I have read a lot about filter types, but explanations are usually based on math notation, while I would need a more computational explanation.

Also, reading source code (mostly from Octave-Forge) I can only "see" a lot of numbercrunching without actually understanding what is happening.

As I understand (correct me if I am wrong), an implementation of what I need would involve:

  • Choose some input parameters for filter creation, that is, Low Frequency, High Frequency, Sampling Rate, and Filter Order;
  • Execute some magic operation on these parameters, that would give me a recurrence relation; This recurrence relation would be contained in an instance of a filter;
  • This filter instance would have a buffer of size N. As I start to collect data, the following loop would start to run:
    • Add new input sample to filter;
    • Apply recurrence relation;
    • Read new output sample;

So what I have to ask is:

  • Does my computational rationale about filter design and usage (as explained in the bullet-list just above) makes sense from a DSP perspective? That is, would it be a feasible plan to implement some Filter class according to such rationale?

  • Which concepts should I know / read about in order to properly implement such filter? For example, I understand that recurrence relation, order, sampling rate, (implicit) impulse response, are a bare minimum to define a filter, but I also read about number of taps, poles and zeros, gain, direct form, cascaded sections, and I am not sure it is necessary to deal with all the concepts to satisfy my requirements.

  • Is there any conceptual topic or resource (link, book) I should take a look? Preferrably one focusing on implementation (that is, without heavy math notation)?

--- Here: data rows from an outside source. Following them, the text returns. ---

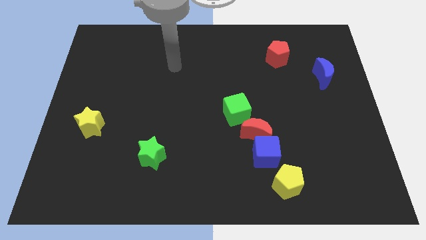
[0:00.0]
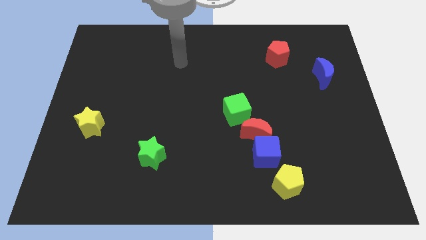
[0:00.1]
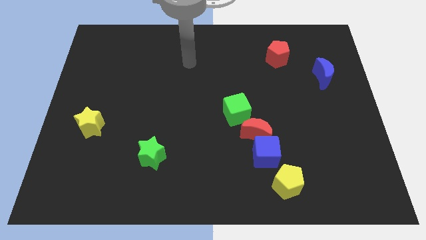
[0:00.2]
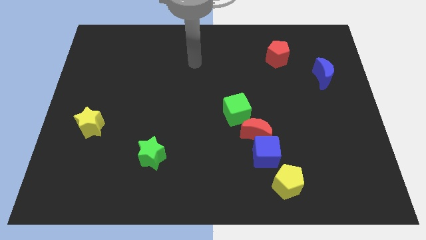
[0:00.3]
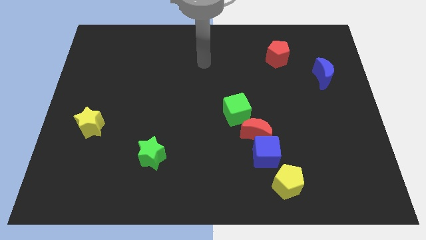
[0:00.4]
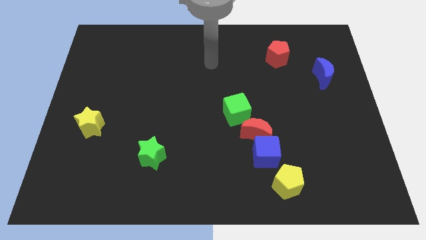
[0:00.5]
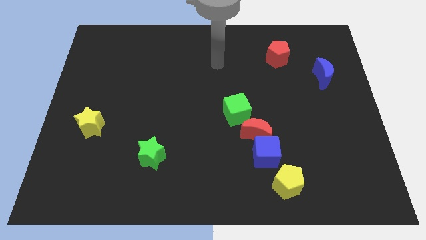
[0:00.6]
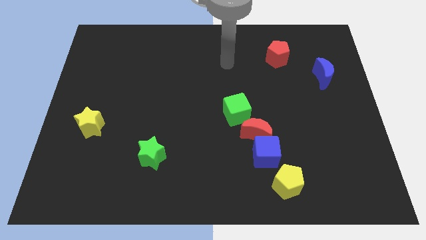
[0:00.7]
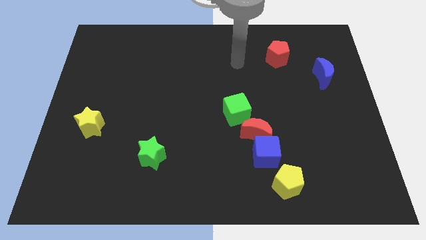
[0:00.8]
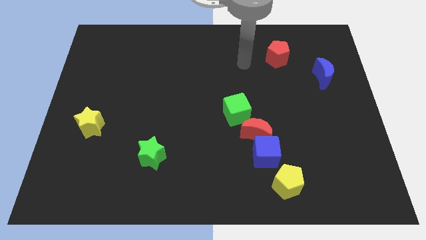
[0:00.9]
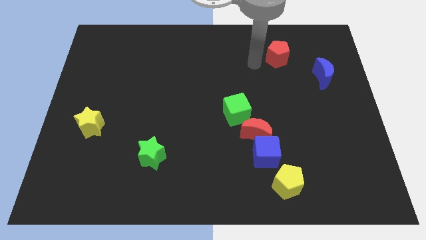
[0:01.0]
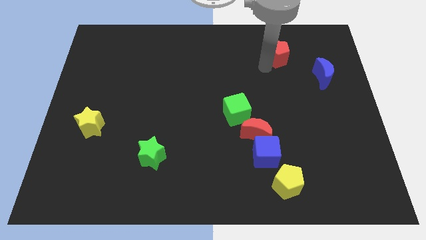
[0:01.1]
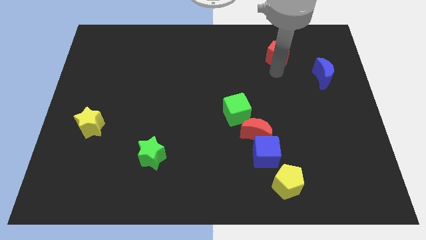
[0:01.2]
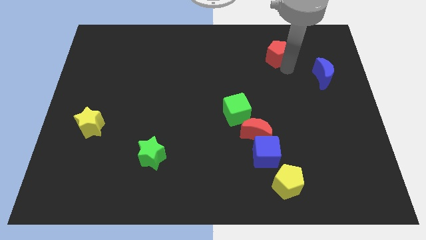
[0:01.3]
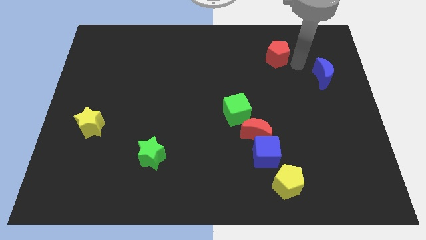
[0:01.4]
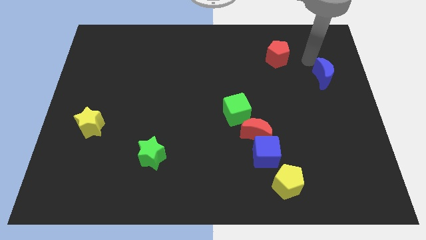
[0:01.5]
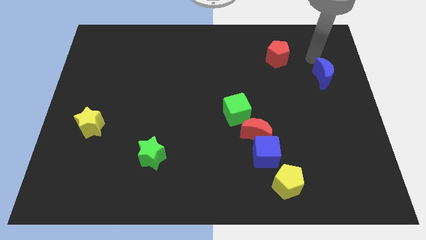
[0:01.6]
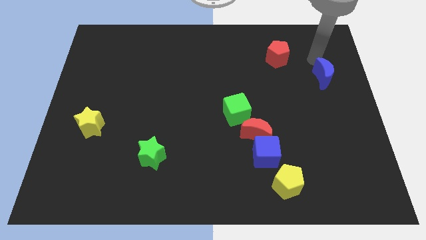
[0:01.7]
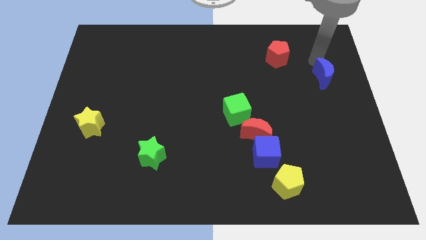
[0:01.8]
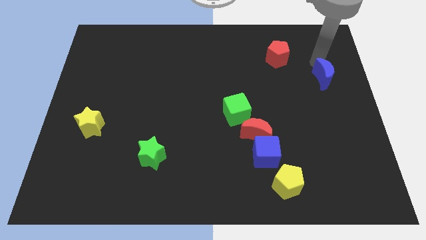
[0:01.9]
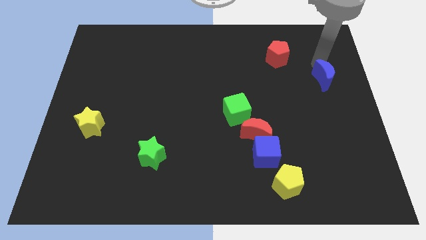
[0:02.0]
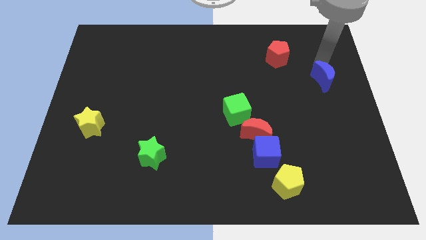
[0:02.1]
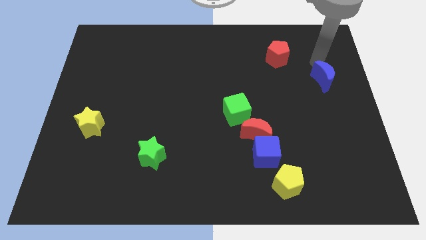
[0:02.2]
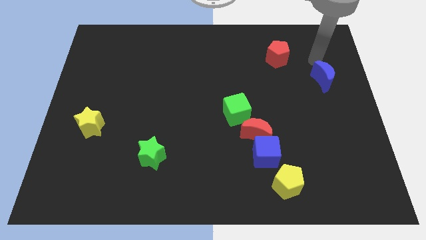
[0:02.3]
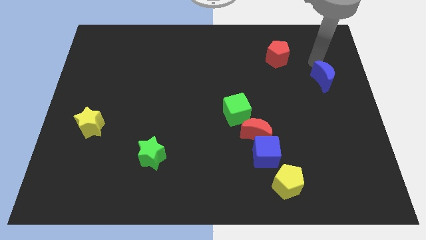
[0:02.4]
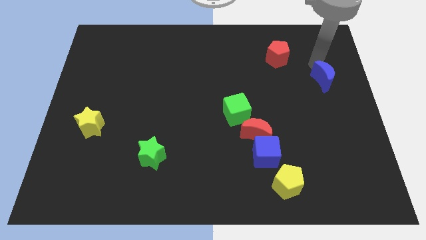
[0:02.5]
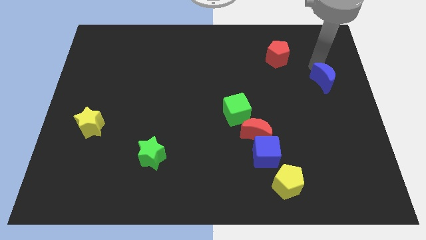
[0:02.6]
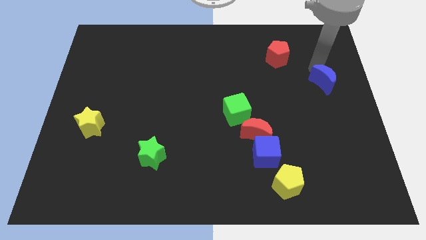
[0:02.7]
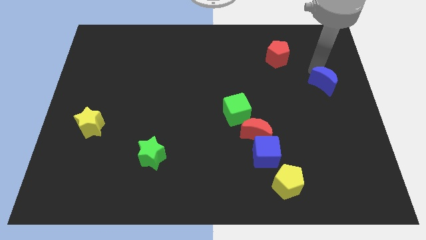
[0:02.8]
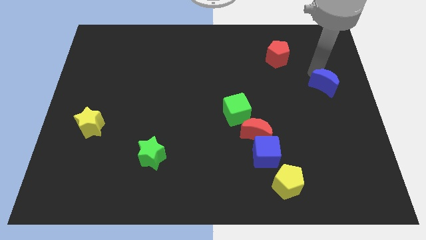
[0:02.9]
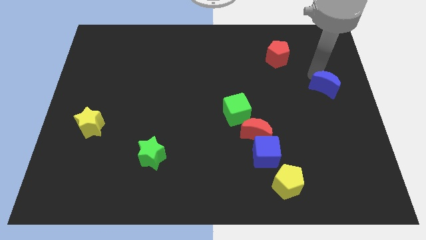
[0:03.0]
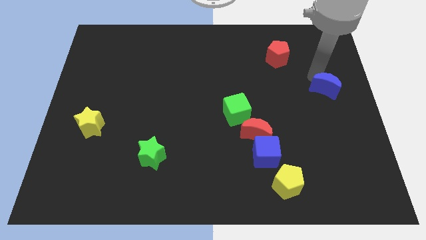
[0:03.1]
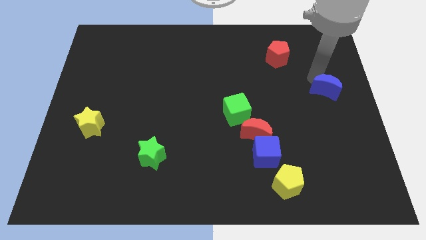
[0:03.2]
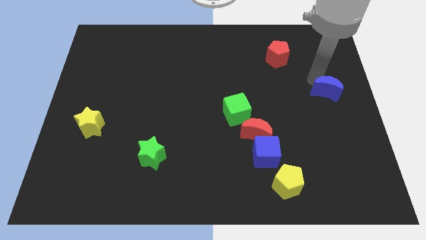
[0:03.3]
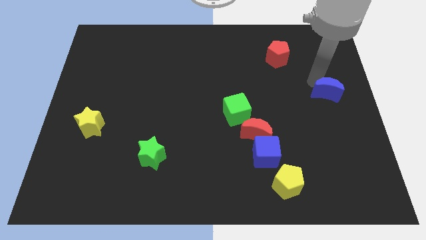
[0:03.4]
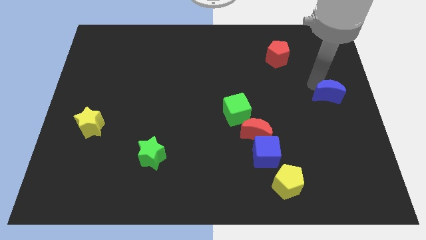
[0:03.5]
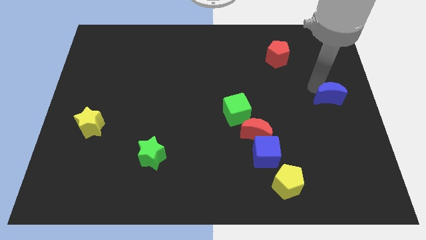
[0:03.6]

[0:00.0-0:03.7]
move the blue moon downwards slightly

  • $\begingroup$ If this question is poorly formulated, please tell me so that I can rephrase it. $\endgroup$ – heltonbiker Jul 31 '14 at 17:11
  • $\begingroup$ It's not clear what you're actually asking. I don't see any question marks in your post at all. $\endgroup$ – Jason R Jul 31 '14 at 17:55
  • $\begingroup$ @JasonR I added a block with questions, thanks for pointing it out. $\endgroup$ – heltonbiker Jul 31 '14 at 18:12
  • 2
    $\begingroup$ Your inquiry is very broad. You would be best served by researching a bit more and coming up with more pointed questions. $\endgroup$ – Jason R Jul 31 '14 at 18:47
  • $\begingroup$ Digital signal processing is a lot of number crunching so it is difficult to avoid the math notation. Generally DSP algorithms involve a lot of operations on vectors and/or matrices. You need to choose a platform to do the work in and get familiar with how the math is represented in that platform. You will probably find a "toolkit" for the platform that has a lot of ready made algorithms. Here is a decent reference you can read online: dspguide.com $\endgroup$ – user2718 Jul 31 '14 at 18:51

Your bullet list makes sense and you seem to have the right idea. I think you mostly want a link that will show you how to get started, so let me suggest this.

First, start with an FIR filter. A very good FIR filter can be generated with as little as 10 lines of code, and implemented with another 10 lines of code. Basically, with FIR, if it's complicated, you are doing it wrong.

This link has source code for Windowed FIR, Parks McClellan FIR, and IIR filters, as well as code for implementing both FIR and IIR filters. Start with the Windowed FIR. They work great and are the simplest to generate.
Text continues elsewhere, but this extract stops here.